• Exercise description: Drop every picture, then transcribe the remaining data exactly.

[Given entries — start]

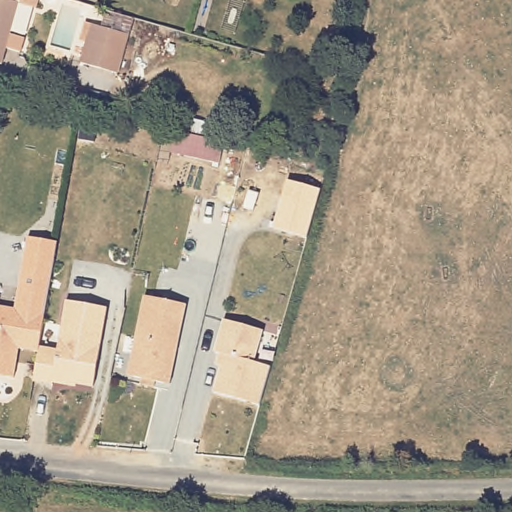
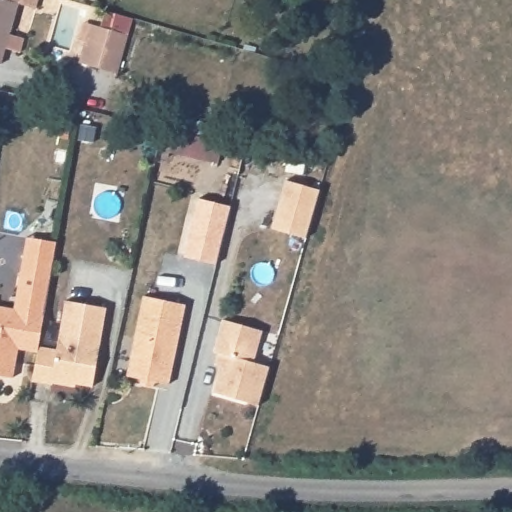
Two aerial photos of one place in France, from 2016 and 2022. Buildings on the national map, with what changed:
unchanged [(0,68),(0,0),(20,0),(0,68)]
unchanged [(82,63),(94,24),(130,34),(119,73),(82,63)]
unchanged [(275,229),(289,181),(322,190),(309,238),(275,229)]
new [(199,199),(231,207),(217,265),(184,258),(199,199)]
unchanged [(0,375),(0,306),(13,308),(16,287),(22,253),(25,235),(55,240),(51,258),(37,345),(36,347),(36,350),(16,347),(15,356),(11,376),(0,375)]
unchanged [(144,382),(145,376),(130,373),(147,293),(189,302),(172,382),(158,379),(157,384),(144,382)]
unchanged [(51,381),(50,383),(31,379),(34,362),(36,350),(36,347),(37,345),(55,348),(64,298),(105,305),(91,384),(75,381),(74,385),(51,381)]
unchanged [(223,369),(219,368),(221,357),(216,355),(226,323),(265,333),(255,365),(272,370),(270,380),(262,408),(216,395),(223,369)]

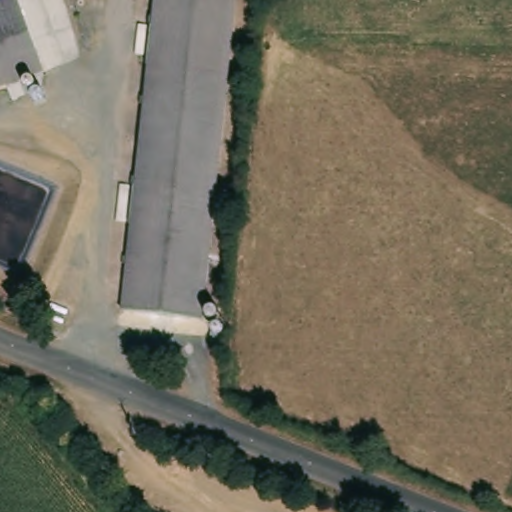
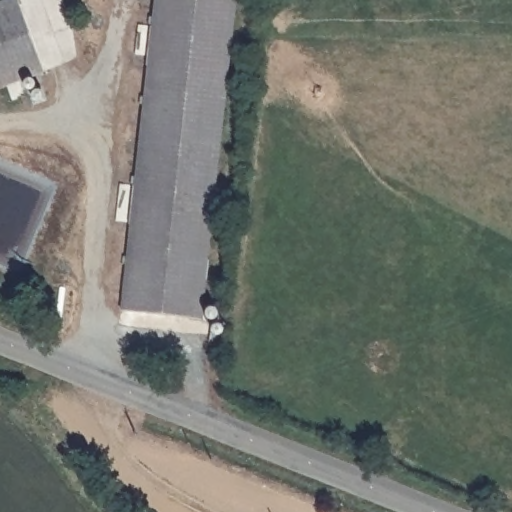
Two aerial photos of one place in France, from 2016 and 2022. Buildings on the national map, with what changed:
unchanged [(43,65),(0,81),(0,0),(20,0),(43,65)]
unchanged [(204,314),(133,308),(163,0),(235,0),(204,314)]

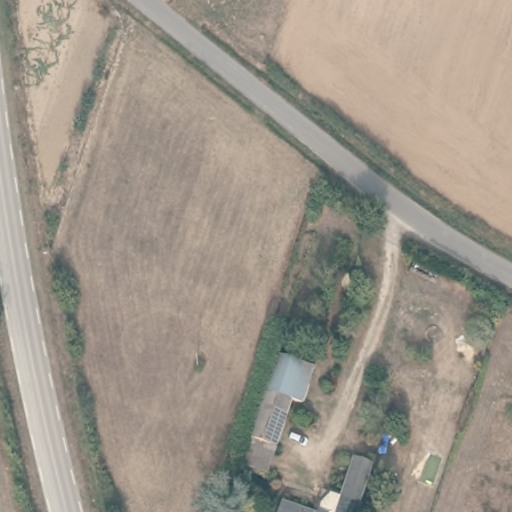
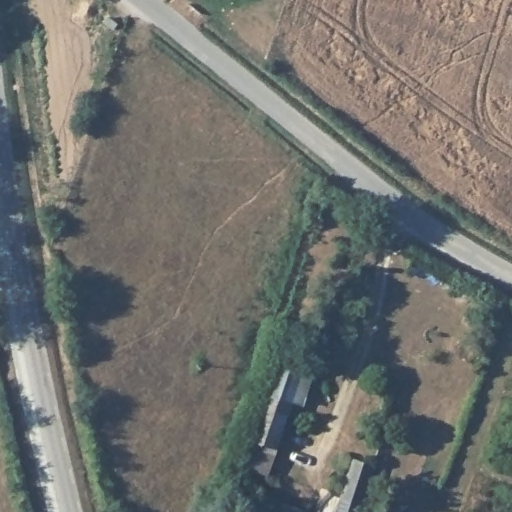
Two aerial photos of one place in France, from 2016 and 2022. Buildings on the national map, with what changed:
unchanged [(237,466),(246,442),(264,396),(276,360),(312,371),(299,407),(290,403),(273,451),(264,475),(237,466)]
unchanged [(330,498),(340,502),(353,464),(368,469),(357,505),(355,512),(318,512),(319,508),(330,498)]
unchanged [(295,512),(278,512),(280,506),(295,512)]

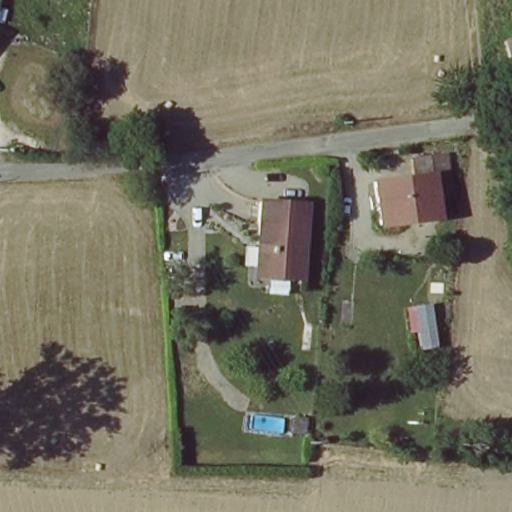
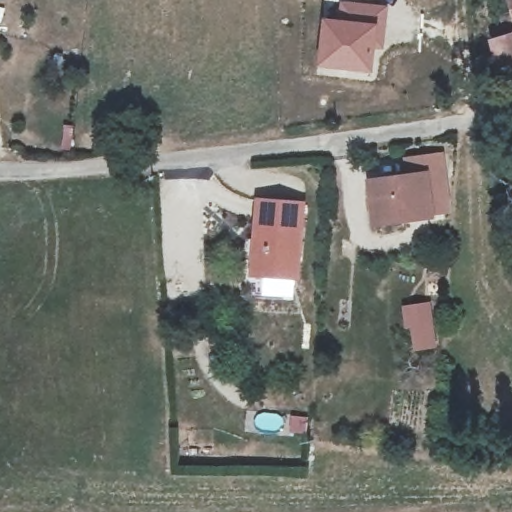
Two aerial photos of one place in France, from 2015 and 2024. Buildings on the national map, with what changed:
new [(322,17),(337,19),(340,0),(388,5),(383,50),(376,50),(374,74),(317,68),(322,17)]
unchanged [(501,16),(497,0),(512,0),(512,37),(497,41),(490,20),(501,16)]
unchanged [(497,41),(512,37),(512,86),(511,86),(497,41)]
unchanged [(441,192),(426,194),(430,221),(374,229),(368,186),(407,180),(405,160),(438,156),(441,192)]
unchanged [(255,241),(257,203),(301,205),(295,280),(262,278),(251,277),(255,241)]
unchanged [(435,341),(418,343),(412,301),(429,299),(435,341)]

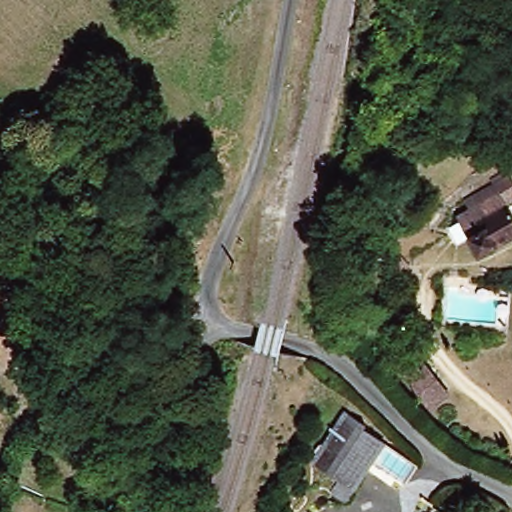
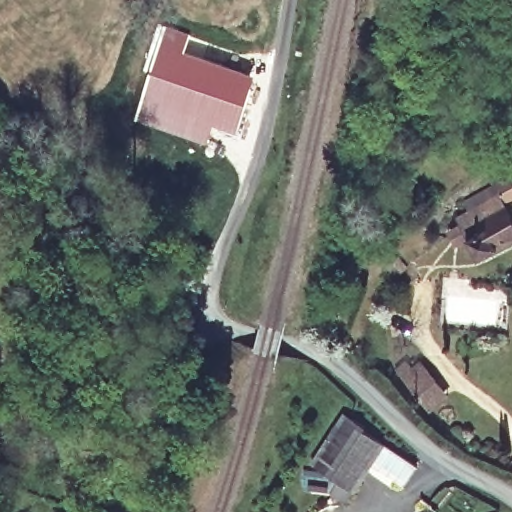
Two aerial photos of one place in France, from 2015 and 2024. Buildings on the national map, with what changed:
new [(165,27),(191,35),(186,53),(245,71),(254,87),(242,130),(216,122),(210,138),(140,117),(165,27)]
unchanged [(477,190),(510,161),(512,163),(512,250),(505,256),(485,236),(467,218),(482,204),(485,202),(477,190)]
unchanged [(450,391),(435,409),(404,383),(418,365),(450,391)]
unchanged [(349,482),(320,467),(347,416),(372,431),(349,482)]
unchanged [(372,431),(389,441),(356,506),(341,499),(349,482),(372,431)]

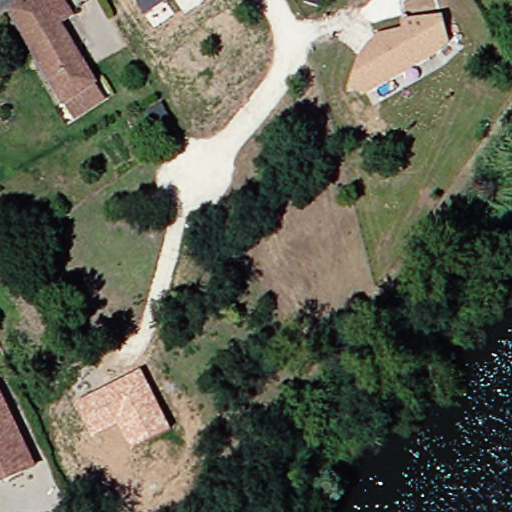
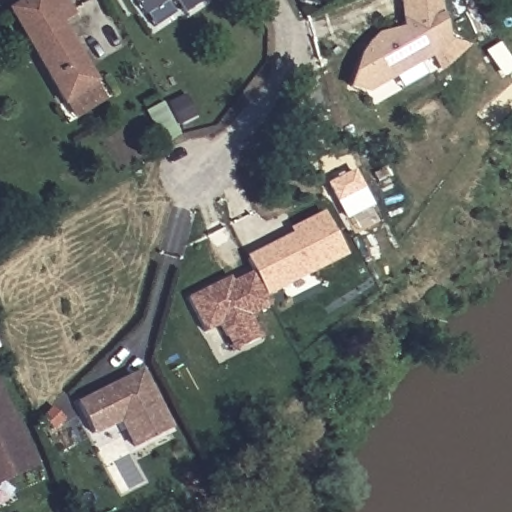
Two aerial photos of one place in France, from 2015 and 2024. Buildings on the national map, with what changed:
unchanged [(20,0),(59,0),(77,29),(65,36),(92,82),(58,104),(4,11),(20,0)]
new [(167,1),(175,12),(154,26),(136,0),(170,0),(167,1)]
new [(184,12),(176,0),(203,0),(184,12)]
new [(443,15),(401,18),(399,0),(439,0),(443,15)]
unchanged [(401,18),(446,15),(453,49),(371,96),(347,92),(359,51),(376,32),(402,30),(401,18)]
new [(182,136),(164,146),(146,112),(183,92),(196,116),(177,126),(182,136)]
new [(345,219),(326,185),(354,170),(373,205),(345,219)]
new [(264,297),(252,272),(246,255),(293,232),(290,226),(325,209),(348,256),(264,297)]
new [(219,327),(204,334),(187,298),(227,279),(229,283),(252,272),(269,307),(249,317),(260,338),(231,352),(219,327)]
unchanged [(141,371),(170,431),(131,450),(118,425),(92,437),(78,402),(141,371)]
unchanged [(31,472),(0,488),(0,408),(31,472)]

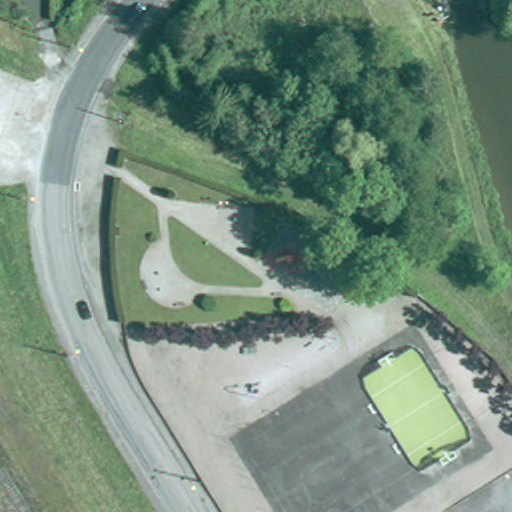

[Given entries — finish]

• Solution to this problem:
Two aerial photos of one place in France, from 2016 and 2022. Buildings on the national map, with what changed:
unchanged [(0,68),(0,0),(20,0),(0,68)]
unchanged [(82,63),(94,24),(130,34),(119,73),(82,63)]
unchanged [(275,229),(289,181),(322,190),(309,238),(275,229)]
new [(199,199),(231,207),(217,265),(184,258),(199,199)]
unchanged [(0,375),(0,306),(13,308),(16,287),(22,253),(25,235),(55,240),(51,258),(37,345),(36,347),(36,350),(16,347),(15,356),(11,376),(0,375)]
unchanged [(144,382),(145,376),(130,373),(147,293),(189,302),(172,382),(158,379),(157,384),(144,382)]
unchanged [(51,381),(50,383),(31,379),(34,362),(36,350),(36,347),(37,345),(55,348),(64,298),(105,305),(91,384),(75,381),(74,385),(51,381)]
unchanged [(223,369),(219,368),(221,357),(216,355),(226,323),(265,333),(255,365),(272,370),(270,380),(262,408),(216,395),(223,369)]

Two aerial photos of one place in France, from 2016 and 2022. Buildings on the national map, with what changed:
unchanged [(43,65),(0,81),(0,0),(20,0),(43,65)]
unchanged [(204,314),(133,308),(163,0),(235,0),(204,314)]

Two aerial photos of one place in France, from 2016 and 2022. Buildings on the national map, with what changed:
unchanged [(237,466),(246,442),(264,396),(276,360),(312,371),(299,407),(290,403),(273,451),(264,475),(237,466)]
unchanged [(330,498),(340,502),(353,464),(368,469),(357,505),(355,512),(318,512),(319,508),(330,498)]
unchanged [(295,512),(278,512),(280,506),(295,512)]

Two aerial photos of one place in France, from 2015 and 2024. Buildings on the national map, with what changed:
new [(322,17),(337,19),(340,0),(388,5),(383,50),(376,50),(374,74),(317,68),(322,17)]
unchanged [(501,16),(497,0),(512,0),(512,37),(497,41),(490,20),(501,16)]
unchanged [(497,41),(512,37),(512,86),(511,86),(497,41)]
unchanged [(441,192),(426,194),(430,221),(374,229),(368,186),(407,180),(405,160),(438,156),(441,192)]
unchanged [(255,241),(257,203),(301,205),(295,280),(262,278),(251,277),(255,241)]
unchanged [(435,341),(418,343),(412,301),(429,299),(435,341)]

Two aerial photos of one place in France, from 2015 and 2024. Buildings on the national map, with what changed:
new [(165,27),(191,35),(186,53),(245,71),(254,87),(242,130),(216,122),(210,138),(140,117),(165,27)]
unchanged [(477,190),(510,161),(512,163),(512,250),(505,256),(485,236),(467,218),(482,204),(485,202),(477,190)]
unchanged [(450,391),(435,409),(404,383),(418,365),(450,391)]
unchanged [(349,482),(320,467),(347,416),(372,431),(349,482)]
unchanged [(372,431),(389,441),(356,506),(341,499),(349,482),(372,431)]

Two aerial photos of one place in France, from 2015 and 2024. Buildings on the national map, with what changed:
unchanged [(20,0),(59,0),(77,29),(65,36),(92,82),(58,104),(4,11),(20,0)]
new [(167,1),(175,12),(154,26),(136,0),(170,0),(167,1)]
new [(184,12),(176,0),(203,0),(184,12)]
new [(443,15),(401,18),(399,0),(439,0),(443,15)]
unchanged [(401,18),(446,15),(453,49),(371,96),(347,92),(359,51),(376,32),(402,30),(401,18)]
new [(182,136),(164,146),(146,112),(183,92),(196,116),(177,126),(182,136)]
new [(345,219),(326,185),(354,170),(373,205),(345,219)]
new [(264,297),(252,272),(246,255),(293,232),(290,226),(325,209),(348,256),(264,297)]
new [(219,327),(204,334),(187,298),(227,279),(229,283),(252,272),(269,307),(249,317),(260,338),(231,352),(219,327)]
unchanged [(141,371),(170,431),(131,450),(118,425),(92,437),(78,402),(141,371)]
unchanged [(31,472),(0,488),(0,408),(31,472)]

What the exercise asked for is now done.